Denise l’écoutait, saisie, toute pâle. Il insista, en ajoutant:
– Ça ne vaudrait rien, ni pour toi, ni pour nous.
– C’est bien, mon oncle, finit-elle par dire péniblement. Je tâcherai de m’en tirer tout de même.
Les Baudu n’étaient pas de mauvaises gens. Mais ils se plaignaient de n’avoir jamais eu de chance. Au temps où leur commerce marchait, ils avaient dû élever cinq garçons, dont trois étaient morts à vingt ans; le quatrième avait mal tourné, le cinquième venait de partir pour le Mexique, comme capitaine. Il ne leur restait que Geneviève. Cette famille avait coûté gros, et Baudu s’était achevé, en achetant à Rambouillet, le pays du père de sa femme, une grande baraque de maison. Aussi toute une aigreur grandissait-elle, dans sa loyauté maniaque de vieux commerçant.
– On prévient, reprit-il en se fâchant peu à peu de sa propre dureté. Tu pouvais m’écrire, je t’aurais répondu de rester là-bas… Quand j’ai appris la mort de ton père, parbleu! je t’ai dit ce qu’on dit d’habitude. Mais tu tombes là, sans crier gare… C’est très embarrassant.
Il haussait la voix, il se soulageait. Sa femme et sa fille restaient les regards à terre, en personnes soumises qui ne se permettaient jamais d’intervenir. Cependant, tandis que Jean blêmissait, Denise avait serré contre sa poitrine Pépé terrifié. Elle laissa tomber deux grosses larmes.

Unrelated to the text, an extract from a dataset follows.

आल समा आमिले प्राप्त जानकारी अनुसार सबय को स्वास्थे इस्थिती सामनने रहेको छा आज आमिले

– C’est bien, mon oncle, répéta-t-elle. Nous allons nous en aller.
Du coup, il se contint. Un silence embarrassé régna. Puis, il reprit d’un ton bourru:
– Je ne vous mets pas à la porte… Puisque vous êtes entrés maintenant, vous coucherez toujours en haut, ce soir. Nous verrons après.
Alors, Mme Baudu et Geneviève comprirent, sur un regard, qu’elles pouvaient arranger les choses. Tout fut réglé. Il n’y avait point à s’occuper de Jean. Quant à Pépé, il serait à merveille chez Mme Gras, une vieille dame qui habitait un grand rez-de-chaussée, rue des Orties, où elle prenait en pension complète des enfants jeunes, moyennant quarante francs par mois. Denise déclara qu’elle avait de quoi payer le premier mois. Il ne restait donc qu’à la placer elle-même. On lui trouverait bien une place dans le quartier.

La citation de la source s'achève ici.